Added side effects help page

calebh · calebh · commit 5946a5236c95 · 2024-05-20T17:12:52.000-04:00
diff --git a/docs/source/index.rst b/docs/source/index.rst
@@ -14,6 +14,7 @@ Welcome to cozy's documentation!
    launchingavisualization
    concolic
    hooks
+   sideeffects
 
 
 
diff --git a/docs/source/sideeffects.rst b/docs/source/sideeffects.rst
@@ -0,0 +1,51 @@
+Modeling I/O Side Effects
+=========================
+
+Many programs of interest that we wish to simulate produce side effects, which we would like to be available for comparison in our analysis.
+To enable this use case, cozy has a subsystem for producing IO side effects. Common examples of IO side effects we have found in example programs
+include writing to stdout/stderr, writing to the network, or writing over a serial connection.
+
+Modeling IO side effects is typically straightforward, and can be accomplished by hooking side effect producing functions and instead redirecting
+the side effect payload to a list attached to the current state. When a child state is forked from its parent, it obtains a copy of side effects
+from its parent. cozy keeps track of IO side effects over different channels (ie, a channel for stdout, network, etc.) and attempts to
+intelligently align side effects in the visualization interface.
+
+Note that by default, angr automatically concretizes data written to stdout/stderr. cozy side effects keeps the data symbolic and avoids the concretization.

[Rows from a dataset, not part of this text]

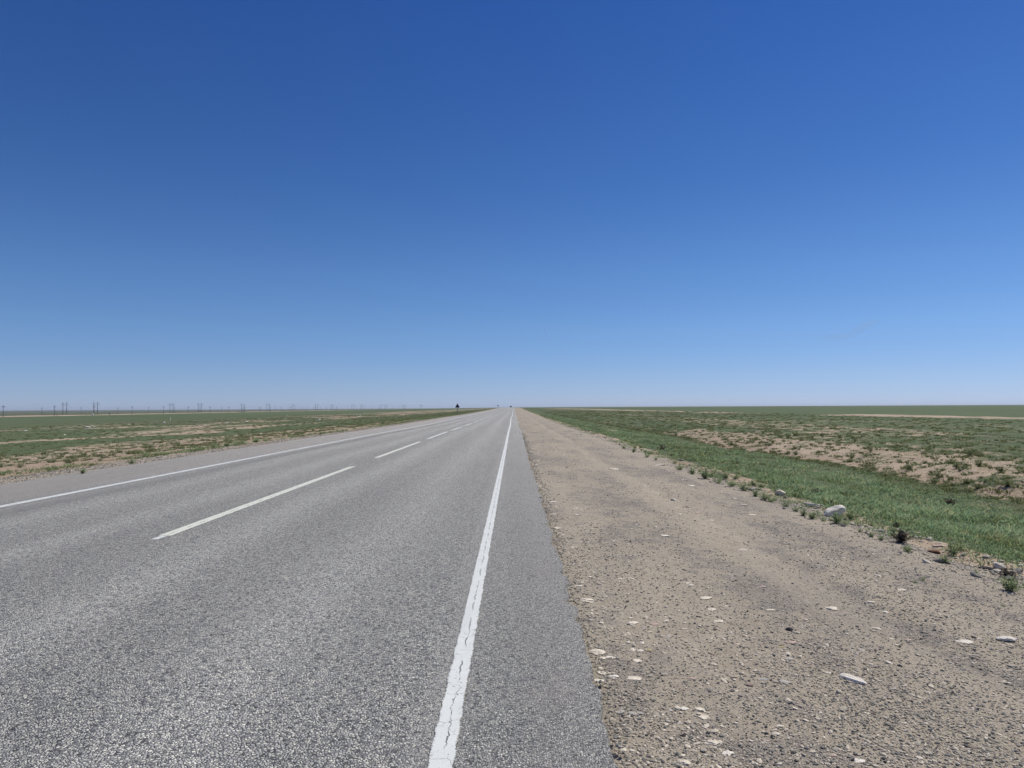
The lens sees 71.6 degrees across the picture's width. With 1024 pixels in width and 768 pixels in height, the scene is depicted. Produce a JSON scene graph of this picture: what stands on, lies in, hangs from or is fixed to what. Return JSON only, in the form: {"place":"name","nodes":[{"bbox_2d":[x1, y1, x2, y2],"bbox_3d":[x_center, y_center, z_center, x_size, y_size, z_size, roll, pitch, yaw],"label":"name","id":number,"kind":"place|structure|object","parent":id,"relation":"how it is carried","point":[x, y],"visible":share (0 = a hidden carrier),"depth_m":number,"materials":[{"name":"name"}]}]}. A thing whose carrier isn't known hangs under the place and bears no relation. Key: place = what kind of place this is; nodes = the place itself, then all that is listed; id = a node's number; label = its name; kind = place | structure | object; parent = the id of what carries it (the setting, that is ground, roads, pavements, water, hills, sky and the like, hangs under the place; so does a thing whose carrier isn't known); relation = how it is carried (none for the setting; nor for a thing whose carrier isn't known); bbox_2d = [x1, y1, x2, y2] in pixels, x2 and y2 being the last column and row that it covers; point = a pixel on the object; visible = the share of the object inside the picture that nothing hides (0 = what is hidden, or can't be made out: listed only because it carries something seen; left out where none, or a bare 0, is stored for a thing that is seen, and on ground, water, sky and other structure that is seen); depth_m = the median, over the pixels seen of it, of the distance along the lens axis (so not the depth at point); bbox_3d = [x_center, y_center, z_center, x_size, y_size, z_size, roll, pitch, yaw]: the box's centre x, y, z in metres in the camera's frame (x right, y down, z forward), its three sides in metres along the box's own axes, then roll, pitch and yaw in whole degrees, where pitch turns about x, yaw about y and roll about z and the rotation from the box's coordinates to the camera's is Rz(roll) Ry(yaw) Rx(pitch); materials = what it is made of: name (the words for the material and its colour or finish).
{"place":"outdoors","nodes":[
{"label":"outdoors","id":0,"kind":"place"},
{"bbox_2d":[0,407,617,767],"bbox_3d":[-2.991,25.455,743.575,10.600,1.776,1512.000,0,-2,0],"label":"road","id":1,"kind":"structure","parent":0,"point":[396,596],"depth_m":4.84,"materials":[{"name":"grey asphalt"}]},
{"bbox_2d":[0,405,1023,576],"bbox_3d":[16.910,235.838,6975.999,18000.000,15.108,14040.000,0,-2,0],"label":"ground","id":2,"kind":"structure","parent":0,"point":[25,419],"depth_m":67.99,"materials":[{"name":"soil"}]},
{"bbox_2d":[60,458,77,462],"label":"shrub","id":3,"kind":"object","parent":2,"relation":"on","point":[67,461],"visible":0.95,"depth_m":22.31,"materials":[{"name":"green plant"}]},
{"bbox_2d":[0,408,496,483],"bbox_3d":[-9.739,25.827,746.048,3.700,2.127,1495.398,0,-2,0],"label":"gravel verge","id":4,"kind":"structure","parent":2,"relation":"on","point":[123,463],"depth_m":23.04,"materials":[{"name":"beige gravel"}]},
{"bbox_2d":[77,468,87,473],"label":"herb tuft","id":5,"kind":"object","parent":4,"relation":"on","point":[83,470],"visible":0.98,"depth_m":15.97,"materials":[{"name":"green plant"}]},
{"bbox_2d":[0,410,1023,551],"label":"scrub","id":6,"kind":"object","parent":2,"relation":"on","point":[947,487],"visible":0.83,"depth_m":45.86,"materials":[{"name":"green plant"}]},
{"bbox_2d":[721,470,729,478],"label":"herb tuft","id":7,"kind":"object","parent":2,"relation":"on","point":[726,476],"visible":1,"depth_m":15.54,"materials":[{"name":"green plant"}]},
{"bbox_2d":[514,408,1023,767],"bbox_3d":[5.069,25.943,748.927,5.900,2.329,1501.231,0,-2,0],"label":"gravel shoulder","id":8,"kind":"object","parent":2,"relation":"on","point":[545,429],"visible":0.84,"depth_m":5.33,"materials":[{"name":"beige gravel"}]},
{"bbox_2d":[580,598,593,601],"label":"stone","id":9,"kind":"object","parent":8,"relation":"on","point":[585,599],"visible":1,"depth_m":5.32,"materials":[{"name":"stone"}]},
{"bbox_2d":[589,649,604,654],"bbox_3d":[0.502,1.583,4.196,0.098,0.020,0.080,0,-2,-5],"label":"stone","id":10,"kind":"object","parent":8,"relation":"on","point":[596,651],"visible":1,"depth_m":4.18,"materials":[{"name":"stone"}]},
{"bbox_2d":[522,433,691,767],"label":"asphalt crumbs","id":11,"kind":"object","parent":8,"relation":"on","point":[618,745],"visible":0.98,"depth_m":4.23,"materials":[{"name":"grey asphalt"}]},
{"bbox_2d":[626,621,638,624],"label":"stone","id":12,"kind":"object","parent":8,"relation":"on","point":[632,622],"visible":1,"depth_m":4.76,"materials":[{"name":"stone"}]},
{"bbox_2d":[626,676,641,680],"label":"stone","id":13,"kind":"object","parent":8,"relation":"on","point":[634,678],"visible":1,"depth_m":3.79,"materials":[{"name":"stone"}]},
{"bbox_2d":[677,759,690,764],"bbox_3d":[0.702,1.545,2.901,0.054,0.015,0.042,0,-2,6],"label":"stone","id":14,"kind":"object","parent":8,"relation":"on","point":[684,762],"visible":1,"depth_m":2.89,"materials":[{"name":"stone"}]},
{"bbox_2d":[688,467,697,473],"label":"herb tuft","id":15,"kind":"object","parent":8,"relation":"on","point":[693,471],"visible":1,"depth_m":16.31,"materials":[{"name":"green plant"}]},
{"bbox_2d":[694,707,706,710],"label":"stone","id":16,"kind":"object","parent":8,"relation":"on","point":[698,708],"visible":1,"depth_m":3.41,"materials":[{"name":"stone"}]},
{"bbox_2d":[695,714,709,718],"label":"stone","id":17,"kind":"object","parent":8,"relation":"on","point":[703,716],"visible":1,"depth_m":3.33,"materials":[{"name":"stone"}]},
{"bbox_2d":[697,468,712,478],"bbox_3d":[4.168,1.921,15.222,0.352,0.266,0.342,0,-2,-15],"label":"herb tuft","id":18,"kind":"object","parent":8,"relation":"on","point":[705,475],"visible":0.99,"depth_m":15.21,"materials":[{"name":"green plant"}]},
{"bbox_2d":[700,596,711,599],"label":"stone","id":19,"kind":"object","parent":8,"relation":"on","point":[705,597],"visible":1,"depth_m":5.45,"materials":[{"name":"stone"}]},
{"bbox_2d":[703,740,719,744],"bbox_3d":[0.863,1.554,3.078,0.078,0.015,0.041,0,-2,-6],"label":"stone","id":20,"kind":"object","parent":8,"relation":"on","point":[711,742],"visible":1,"depth_m":3.07,"materials":[{"name":"stone"}]},
{"bbox_2d":[711,478,722,483],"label":"herb tuft","id":21,"kind":"object","parent":8,"relation":"on","point":[719,480],"visible":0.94,"depth_m":14.28,"materials":[{"name":"green plant"}]},
{"bbox_2d":[722,750,733,755],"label":"stone","id":22,"kind":"object","parent":8,"relation":"on","point":[727,752],"visible":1,"depth_m":2.99,"materials":[{"name":"white stone"}]},
{"bbox_2d":[727,480,738,485],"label":"herb tuft","id":23,"kind":"object","parent":8,"relation":"on","point":[732,482],"visible":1,"depth_m":13.72,"materials":[{"name":"green plant"}]},
{"bbox_2d":[737,480,751,490],"bbox_3d":[4.316,1.893,13.183,0.277,0.228,0.265,-1,-2,30],"label":"herb tuft","id":24,"kind":"object","parent":8,"relation":"on","point":[744,488],"visible":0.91,"depth_m":13.19,"materials":[{"name":"green plant"}]},
{"bbox_2d":[751,489,761,496],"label":"herb tuft","id":25,"kind":"object","parent":8,"relation":"on","point":[755,492],"visible":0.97,"depth_m":12.24,"materials":[{"name":"green plant"}]},
{"bbox_2d":[759,493,767,499],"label":"herb tuft","id":26,"kind":"object","parent":8,"relation":"on","point":[764,495],"visible":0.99,"depth_m":11.72,"materials":[{"name":"green plant"}]},
{"bbox_2d":[765,494,776,501],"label":"herb tuft","id":27,"kind":"object","parent":8,"relation":"on","point":[771,499],"visible":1,"depth_m":11.64,"materials":[{"name":"green plant"}]},
{"bbox_2d":[778,679,791,683],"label":"pebble","id":28,"kind":"object","parent":8,"relation":"on","point":[783,681],"visible":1,"depth_m":3.78,"materials":[{"name":"white stone"}]},
{"bbox_2d":[797,508,808,515],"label":"herb tuft","id":29,"kind":"object","parent":8,"relation":"on","point":[802,513],"visible":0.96,"depth_m":10.06,"materials":[{"name":"green plant"}]},
{"bbox_2d":[803,502,820,506],"bbox_3d":[4.746,1.911,11.260,0.273,0.066,0.128,3,0,29],"label":"stone slab","id":30,"kind":"object","parent":8,"relation":"on","point":[808,503],"depth_m":11.22,"materials":[{"name":"stone"}]},
{"bbox_2d":[805,511,821,518],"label":"herb tuft","id":31,"kind":"object","parent":8,"relation":"on","point":[812,516],"visible":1,"depth_m":9.79,"materials":[{"name":"green plant"}]},
{"bbox_2d":[824,606,837,609],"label":"stone","id":32,"kind":"object","parent":8,"relation":"on","point":[831,608],"visible":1,"depth_m":5.28,"materials":[{"name":"stone"}]},
{"bbox_2d":[824,505,845,516],"bbox_3d":[4.688,1.860,10.373,0.397,0.156,0.185,-13,3,-20],"label":"boulder","id":33,"kind":"object","parent":8,"relation":"on","point":[840,509],"visible":0.74,"depth_m":10.31,"materials":[{"name":"white stone"}]},
{"bbox_2d":[830,510,845,522],"bbox_3d":[4.370,1.787,9.532,0.296,0.191,0.183,1,-3,-43],"label":"herb tuft","id":34,"kind":"object","parent":8,"relation":"on","point":[835,517],"visible":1,"depth_m":9.53,"materials":[{"name":"green plant"}]},
{"bbox_2d":[839,706,847,711],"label":"pebble","id":35,"kind":"object","parent":8,"relation":"on","point":[842,708],"visible":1,"depth_m":3.44,"materials":[{"name":"stone"}]},
{"bbox_2d":[839,673,866,683],"bbox_3d":[1.851,1.597,3.848,0.057,0.023,0.159,1,-1,-35],"label":"stone","id":36,"kind":"object","parent":8,"relation":"on","point":[855,679],"visible":1,"depth_m":3.84,"materials":[{"name":"white stone"}]},
{"bbox_2d":[854,758,865,762],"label":"stone","id":37,"kind":"object","parent":8,"relation":"on","point":[858,760],"visible":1,"depth_m":2.94,"materials":[{"name":"white stone"}]},
{"bbox_2d":[888,528,913,542],"bbox_3d":[4.460,1.732,8.146,0.301,0.191,0.222,0,-2,-10],"label":"dry bush","id":38,"kind":"object","parent":8,"relation":"on","point":[899,538],"visible":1,"depth_m":8.11,"materials":[{"name":"brown plant"}]},
{"bbox_2d":[902,544,912,551],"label":"herb tuft","id":39,"kind":"object","parent":8,"relation":"on","point":[907,549],"visible":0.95,"depth_m":7.53,"materials":[{"name":"green plant"}]},
{"bbox_2d":[928,550,940,553],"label":"rock","id":40,"kind":"object","parent":8,"relation":"on","point":[936,551],"visible":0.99,"depth_m":7.70,"materials":[{"name":"brown stone"}]},
{"bbox_2d":[937,554,953,562],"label":"leafy plant","id":41,"kind":"object","parent":8,"relation":"on","point":[945,558],"visible":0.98,"depth_m":7.08,"materials":[{"name":"green plant"}]},
{"bbox_2d":[956,639,972,643],"bbox_3d":[2.917,1.662,4.583,0.102,0.017,0.068,-1,-2,26],"label":"stone","id":42,"kind":"object","parent":8,"relation":"on","point":[966,641],"visible":1,"depth_m":4.57,"materials":[{"name":"white stone"}]},
{"bbox_2d":[979,566,993,569],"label":"rock","id":43,"kind":"object","parent":8,"relation":"on","point":[986,567],"visible":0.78,"depth_m":6.94,"materials":[{"name":"stone"}]},
{"bbox_2d":[996,636,1016,640],"bbox_3d":[3.223,1.661,4.627,0.122,0.033,0.058,-1,-2,14],"label":"stone","id":44,"kind":"object","parent":8,"relation":"on","point":[1005,638],"visible":1,"depth_m":4.61,"materials":[{"name":"white stone"}]},
{"bbox_2d":[998,567,1019,577],"bbox_3d":[4.627,1.760,6.616,0.134,0.115,0.182,0,-2,-17],"label":"dry bush","id":45,"kind":"object","parent":8,"relation":"on","point":[1007,572],"visible":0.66,"depth_m":6.61,"materials":[{"name":"plant"}]},
{"bbox_2d":[997,574,1023,591],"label":"leafy plant","id":46,"kind":"object","parent":8,"relation":"on","point":[1014,586],"visible":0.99,"depth_m":5.90,"materials":[{"name":"green plant"}]},
{"bbox_2d":[517,416,1023,767],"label":"limestone chips","id":47,"kind":"object","parent":2,"relation":"on","point":[758,760],"visible":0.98,"depth_m":4.11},
{"bbox_2d":[775,490,785,494],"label":"rock","id":48,"kind":"object","parent":2,"relation":"on","point":[780,492],"visible":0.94,"depth_m":12.79,"materials":[{"name":"stone"}]},
{"bbox_2d":[549,419,1023,585],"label":"rubble","id":49,"kind":"object","parent":2,"relation":"on","point":[993,571],"visible":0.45,"depth_m":8.38,"materials":[{"name":"grey stone"}]},
{"bbox_2d":[790,490,800,496],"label":"herb tuft","id":50,"kind":"object","parent":2,"relation":"on","point":[795,494],"visible":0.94,"depth_m":12.66,"materials":[{"name":"green plant"}]},
{"bbox_2d":[843,509,860,519],"bbox_3d":[4.819,1.850,10.055,0.261,0.185,0.254,-1,-2,18],"label":"herb tuft","id":51,"kind":"object","parent":2,"relation":"on","point":[851,515],"visible":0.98,"depth_m":10.05,"materials":[{"name":"green plant"}]},
{"bbox_2d":[877,471,891,475],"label":"shrub","id":52,"kind":"object","parent":2,"relation":"on","point":[886,473],"visible":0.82,"depth_m":24.51,"materials":[{"name":"green plant"}]},
{"bbox_2d":[927,477,943,483],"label":"shrub","id":53,"kind":"object","parent":2,"relation":"on","point":[934,480],"visible":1,"depth_m":22.66,"materials":[{"name":"green plant"}]},
{"bbox_2d":[930,471,944,477],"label":"shrub","id":54,"kind":"object","parent":2,"relation":"on","point":[938,474],"visible":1,"depth_m":23.45,"materials":[{"name":"green plant"}]},
{"bbox_2d":[944,480,957,484],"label":"shrub","id":55,"kind":"object","parent":2,"relation":"on","point":[951,483],"visible":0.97,"depth_m":21.69,"materials":[{"name":"green plant"}]},
{"bbox_2d":[944,497,957,504],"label":"dry bush","id":56,"kind":"object","parent":2,"relation":"on","point":[949,501],"visible":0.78,"depth_m":16.33,"materials":[{"name":"plant"}]},
{"bbox_2d":[945,458,958,463],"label":"shrub","id":57,"kind":"object","parent":2,"relation":"on","point":[950,460],"visible":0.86,"depth_m":25.46,"materials":[{"name":"green plant"}]},
{"bbox_2d":[945,543,959,555],"bbox_3d":[4.701,1.773,7.598,0.171,0.143,0.166,1,-2,-30],"label":"herb tuft","id":58,"kind":"object","parent":2,"relation":"on","point":[954,552],"visible":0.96,"depth_m":7.58,"materials":[{"name":"green plant"}]},
{"bbox_2d":[949,461,961,468],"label":"shrub","id":59,"kind":"object","parent":2,"relation":"on","point":[958,465],"visible":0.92,"depth_m":24.13,"materials":[{"name":"green plant"}]},
{"bbox_2d":[947,540,971,550],"bbox_3d":[4.901,1.772,7.784,0.220,0.122,0.211,1,-3,-43],"label":"herb tuft","id":60,"kind":"object","parent":2,"relation":"on","point":[961,548],"visible":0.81,"depth_m":7.77,"materials":[{"name":"green plant"}]},
{"bbox_2d":[972,482,985,488],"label":"shrub","id":61,"kind":"object","parent":2,"relation":"on","point":[976,486],"visible":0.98,"depth_m":20.64,"materials":[{"name":"green plant"}]},
{"bbox_2d":[972,460,986,466],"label":"shrub","id":62,"kind":"object","parent":2,"relation":"on","point":[977,464],"visible":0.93,"depth_m":24.34,"materials":[{"name":"green plant"}]},
{"bbox_2d":[974,451,986,456],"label":"shrub","id":63,"kind":"object","parent":2,"relation":"on","point":[980,453],"visible":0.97,"depth_m":27.27,"materials":[{"name":"green plant"}]},
{"bbox_2d":[993,562,1005,568],"bbox_3d":[4.817,1.804,7.014,0.117,0.075,0.084,-2,-2,35],"label":"rock","id":64,"kind":"object","parent":2,"relation":"on","point":[996,565],"visible":0.84,"depth_m":7.00,"materials":[{"name":"stone"}]},
{"bbox_2d":[996,465,1007,471],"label":"shrub","id":65,"kind":"object","parent":2,"relation":"on","point":[1000,469],"visible":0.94,"depth_m":22.47,"materials":[{"name":"green plant"}]},
{"bbox_2d":[998,478,1015,485],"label":"shrub","id":66,"kind":"object","parent":2,"relation":"on","point":[1007,483],"visible":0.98,"depth_m":20.18,"materials":[{"name":"green plant"}]},
{"bbox_2d":[0,410,1023,568],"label":"wild grass","id":67,"kind":"structure","parent":0,"point":[969,534],"depth_m":16.70,"materials":[{"name":"green plant"}]},
{"bbox_2d":[0,0,1023,410],"label":"sky","id":68,"kind":"structure","parent":0,"point":[210,204],"materials":[{"name":"blue"}]}
]}

+In this way cozy's side effects interface is superior to the angr default.
+
+==========================
+Performing a Side Effect
+==========================
+
+The primary function to take a look at is :py:func:`cozy.side_effect.perform`. The first argument is the :py:class:`angr.SimState` that the side effect
+will attach to. This argument can be obtained by hooking a side effect function, whose :py:meth:`angr.SimProcedure.run` method takes in a
+:py:class:`angr.SimState` object. Alternatively you can set a breakpoint using :py:class:`cozy.directive.Breakpoint` and obtain the :py:class:`angr.SimState`
+object in the breakpoint's `breakpoint_fun` callback.
+
+Here is an example of the use of :py:func:`cozy.side_effect.perform` in a custom :py:class:`angr.SimProcedure` hook::
+
+    # Here we are hooking a function called process_command,
+    # so we need to make a class that inherits from SimProcedure
+    class process_command(angr.SimProcedure):
+        def run(self, cmd_str):
+            strlen = angr.SIM_PROCEDURES["libc"]["strlen"]
+            max_len = self.state.solver.max(self.inline_call(strlen, cmd_str).ret_expr)
+            # Here we construct the side effect payload. Here it is a bunch of symbolic data.
+            cmd = [self.state.memory.load(cmd_str + i, 1) for i in range(max_len)]
+            def concrete_post_processor(concrete_cmd):
+                return [chr(r.concrete_value) for r in concrete_cmd]
+            cozy.side_effect.perform(self.state, "process_command", cmd, concrete_post_processor=concrete_post_processor)
+
+The second argument is the side effect channel. Different types of side effects should be performed over different channels. For example,
+you may have a channel for networked output and a channel for stdout.
+
+The third argument is the side effect body. The body must be a mixture of string-keyed Python dictionaries, Python lists, Python tuples,
+claripy concrete values, and claripy symbolic values. This should represent the payload of the side effect.
+
+The fourth argument is an optional post processing function to apply to concretized versions of the side effect's body if post processing is required.
+In this example we use the Python `chr` function to convert the integer to Python characters, which will be shown in the visualization
+user interface.
+
+The fifth argument is an optional label used to aid alignment in the user interface. For example, if you have multiple sites that produce
+side effects on the same channel, you will want to label the different sites with different labels. This aids the alignment algorithm to intelligently
+compare the produced side effects. One possible label is the code address location that the side effect is produced at.